Paper ID: | 908 |
---|---|

Title: | Strategizing against No-regret Learners |

This paper asks how a player should exploit knowledge that their opponent in a repeated game is using a no-regret learning algorithm. Prior work has studied this question in Bayesian settings, such as when the learning player is a buyer and the rational player is a seller. This question extends the ideas to a non-Bayesian setting. In general, the rational player can guarantee the first-mover Stackelberg utility in the game. That is, being rational against a no-regret learner is worth at least as much as going first in a Stackelberg game. If the learning is using a "mean-based" learning method, the rational player can obtain even more utility. I like this paper. The question of how to strategize vs a learning agent is a very hot topic. The result that the rational player can guarantee their Stackelberg utility is quite easy to prove, but is a nice conceptual result none-the-less. The authors also show that certain learning guarantees (no-swap-regret) prevent the rational player from getting more than this, which says something interesting about the use of no-swap-regret methods in competitive environments. The result about improving on Stackelberg utility against mean-based learners is very similar to Braverman et al (2018), but applying these ideas in the non-Bayesian setting is a solid marginal contribution. Overall, this paper makes a solid conceptual contribution in a hot area. The marginal technical contributions are not especially deep, but on net the paper would be a good fit for NeurIPS. I think the paper is a good candidate for acceptance.

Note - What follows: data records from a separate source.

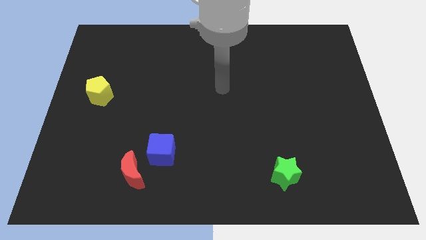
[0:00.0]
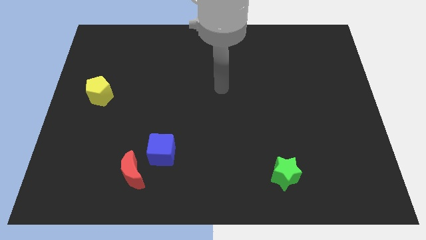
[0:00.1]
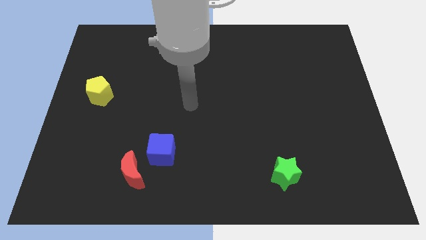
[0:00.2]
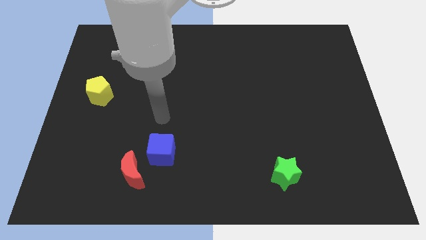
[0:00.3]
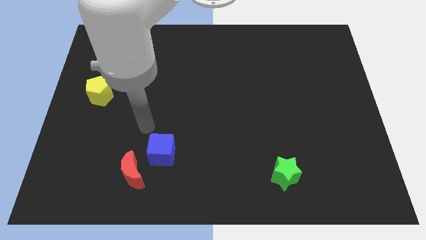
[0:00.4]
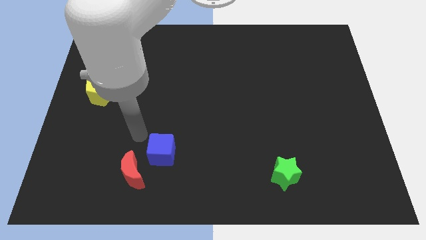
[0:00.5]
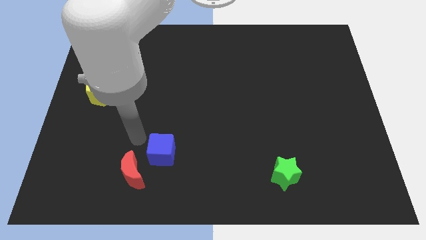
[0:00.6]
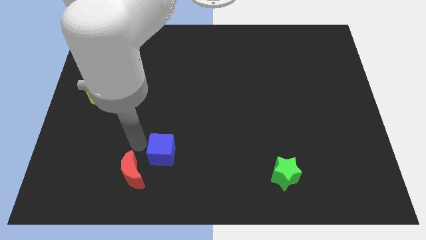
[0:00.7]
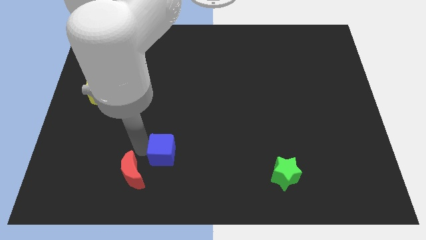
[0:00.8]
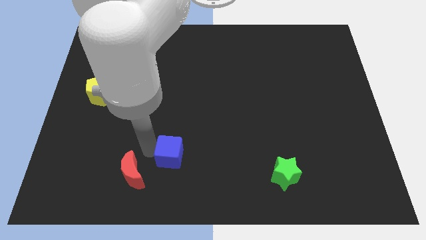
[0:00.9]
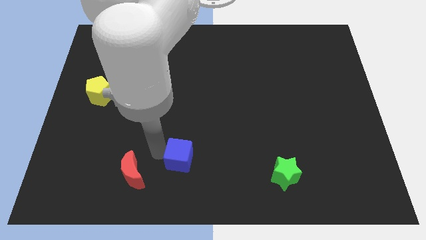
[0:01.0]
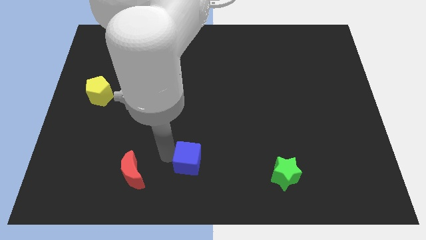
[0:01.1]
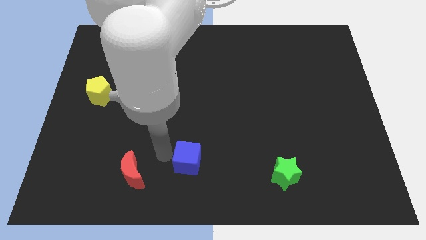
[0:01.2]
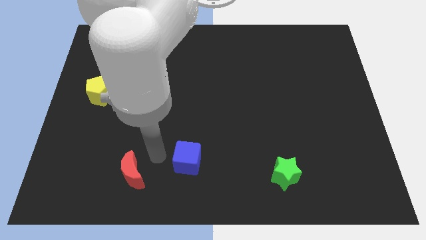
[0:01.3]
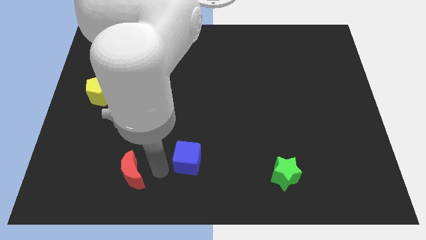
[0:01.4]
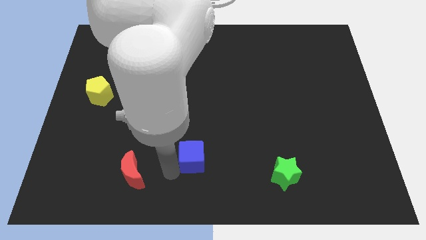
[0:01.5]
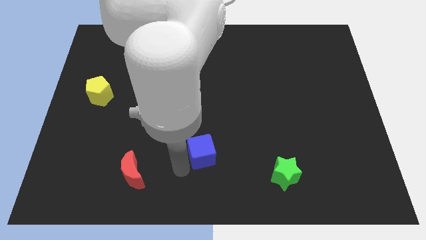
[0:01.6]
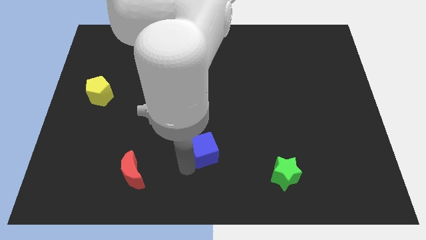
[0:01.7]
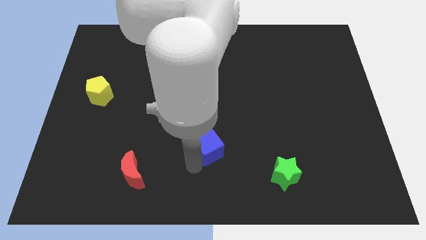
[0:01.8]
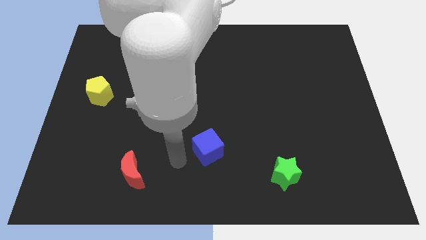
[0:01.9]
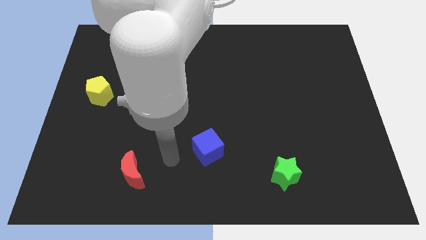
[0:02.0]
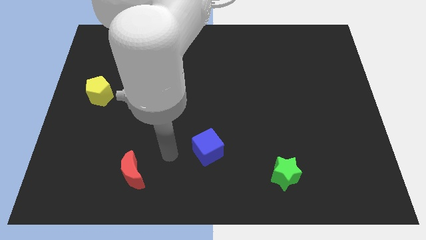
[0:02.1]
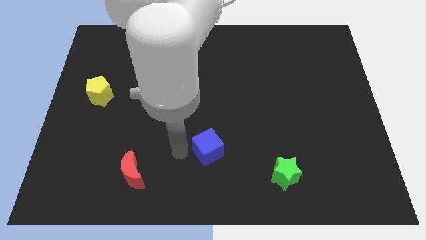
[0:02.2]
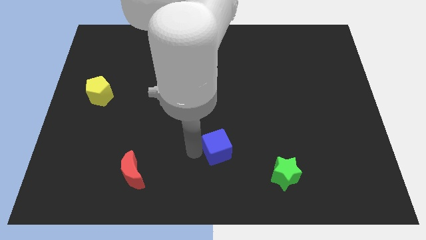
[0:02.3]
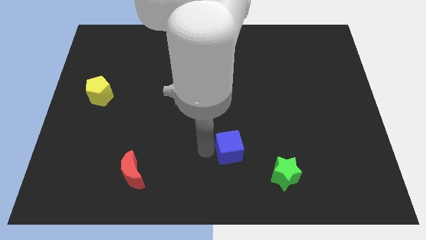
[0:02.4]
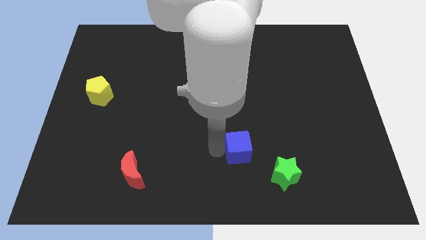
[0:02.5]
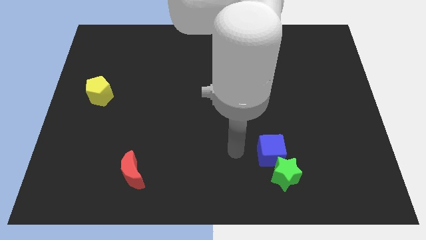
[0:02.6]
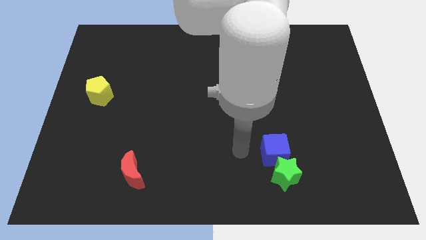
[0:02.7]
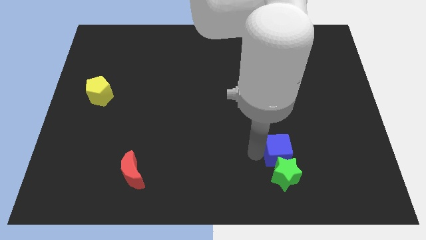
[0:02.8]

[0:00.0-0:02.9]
put the blue block next to the star

Summary of paper: Considers strategies for playing a repeated, general two-player game against an online learning algorithm. Shows tight connections to the Stackelberg equilibria of the game. In general one can guarantee to achieve the utility of being the leader in a Stackelberg equilibrium, and this is tight if the learner has no swap regret. One can gain more against standard "mean-based" learners like FTRL. Summary of opinion: I think this paper asks a very interesting and exciting question in the field of online learning and game-playing (which so far mostly focuses on zero-sum games or specific games like auctions), and provides a useful and valuable solution. I found the paper clear and well-written. The connection to Stackelberg equilibrium is intuitive and clear in hindsight, but an important step forward for the literature. Originality: strong as far as I know. Generalizes some very specific cases in the literature (auctions). Clarity: very good in my opinion. Significance: Quite high. No-regret learning is a broad area of high interest, and I think many researchers will learn from these results and want to build on them. Suggestions for writing clarity: Line 34 - what is epsilon? Definition 2 - asymptotics of gamma are a bit confusing, is gamma a function of T, or t, or neither? Please respond to any part of my review that you feel appropriate.

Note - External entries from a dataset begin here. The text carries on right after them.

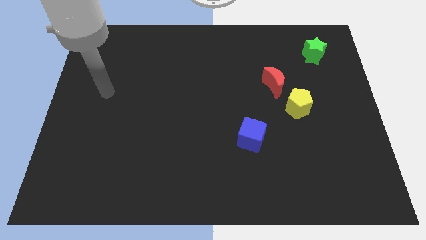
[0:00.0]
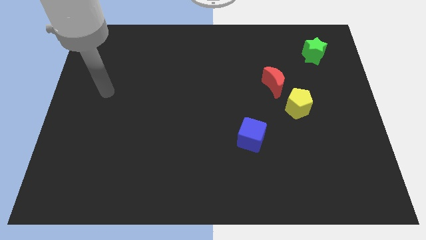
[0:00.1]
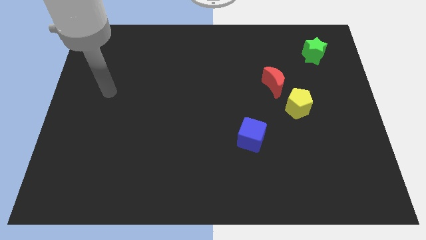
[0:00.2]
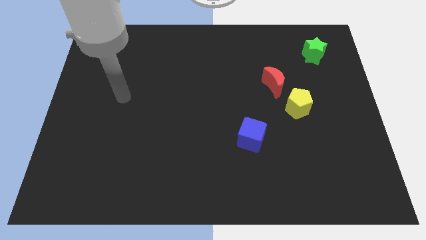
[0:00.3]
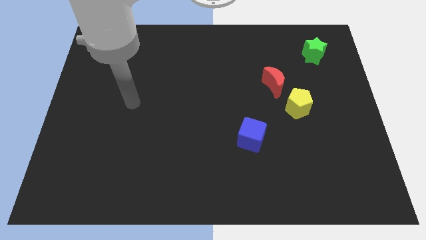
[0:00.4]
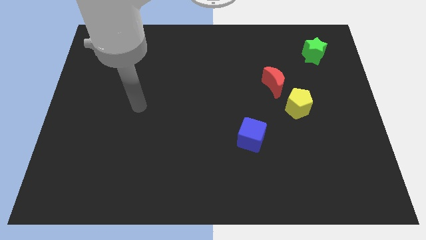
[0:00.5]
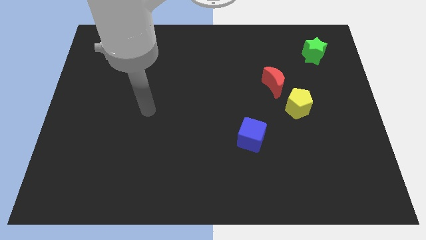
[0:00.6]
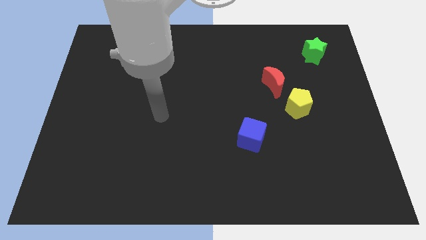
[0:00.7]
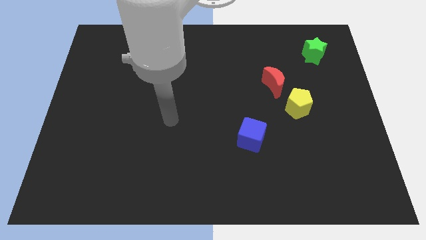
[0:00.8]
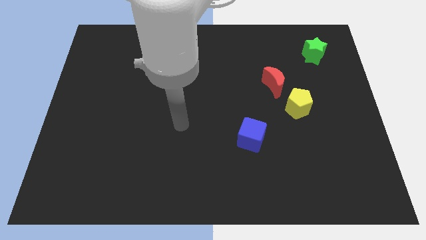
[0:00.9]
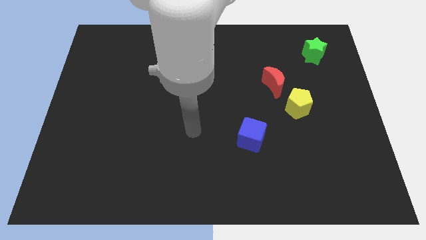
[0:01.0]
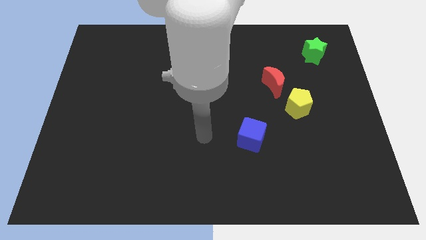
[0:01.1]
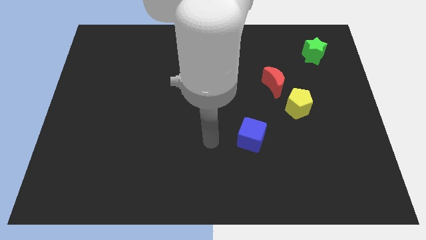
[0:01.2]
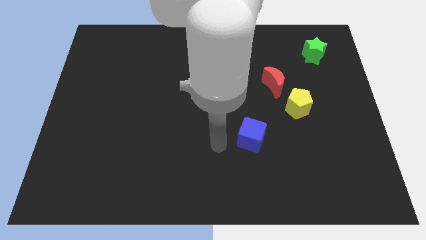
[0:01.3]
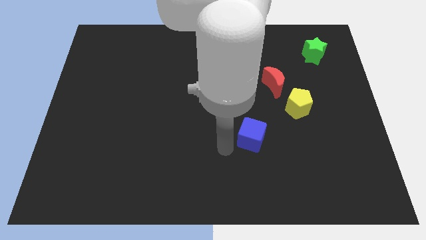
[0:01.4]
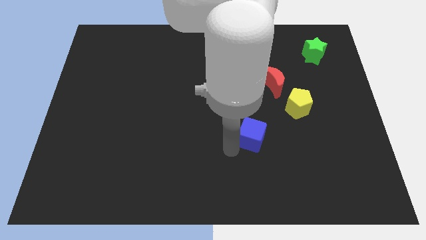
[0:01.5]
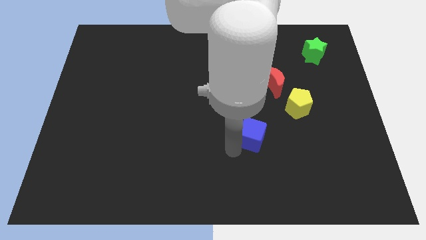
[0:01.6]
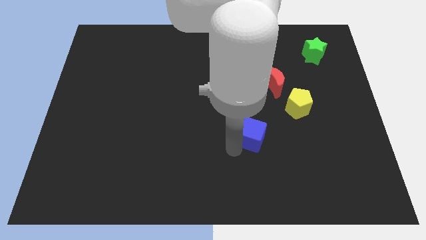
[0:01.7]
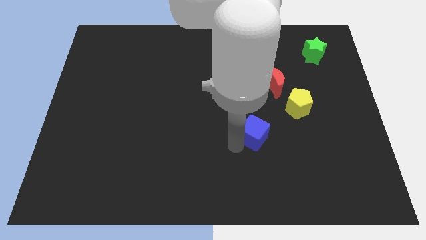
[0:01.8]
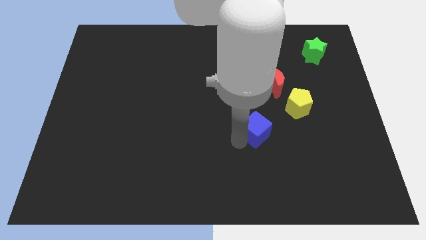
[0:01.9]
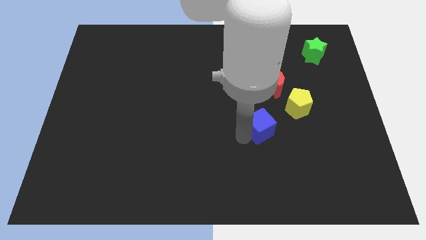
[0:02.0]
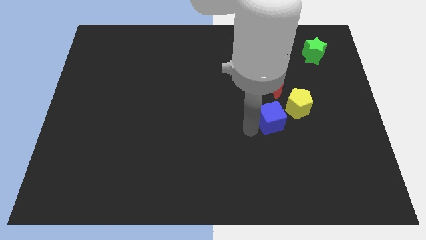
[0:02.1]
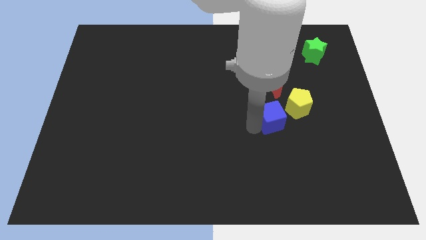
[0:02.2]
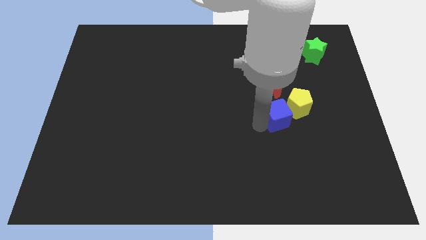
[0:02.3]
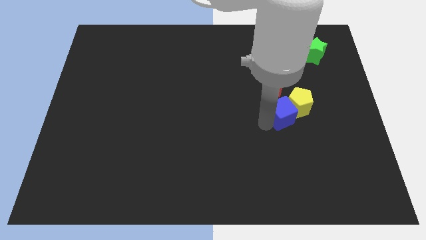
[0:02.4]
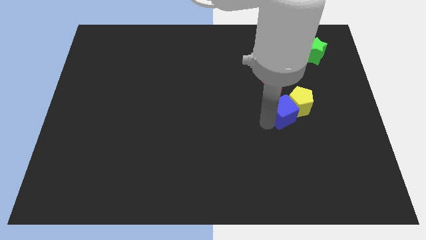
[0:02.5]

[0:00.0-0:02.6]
put the cube to the pentagon

Braverman et al in EC'18 considered how to sell items to a no-regret buyer. The current paper offers a broad generalization of this result (in a bit of a different context, as buying items in a Bayesian game, while they consider general matrix games). The results are as follows 1. against a no-regret learner one can guarantee at least the Stackelberg value of the game (that is: the value one can get by committing to a move first, and letting the opponent best respond). If the learner is using a no-swap-regret strategy, than this is *exactly* the value attainable (no matter what that strategy is). I find this the most important/interesting finding of the paper. In contrast, if the learner is using a mean-based learning strategy, than an example is provided to show that one can get higher value against such a learner, and theorem 9 offers a characterization of the optimal strategy against such a player. The main result of the Braverman et al paper in EC'18 is an analogous result for auction games, showing that the auctioneer can extract more than the optimal revenue of the 1-shot game against such mean-based learners. I have read the author response. It is unfortunate that the paper does not extend the work to Bayesian games, and hence doesn't offer a clear comparison with the Braverman paper. But the results are very strong, and enlightening.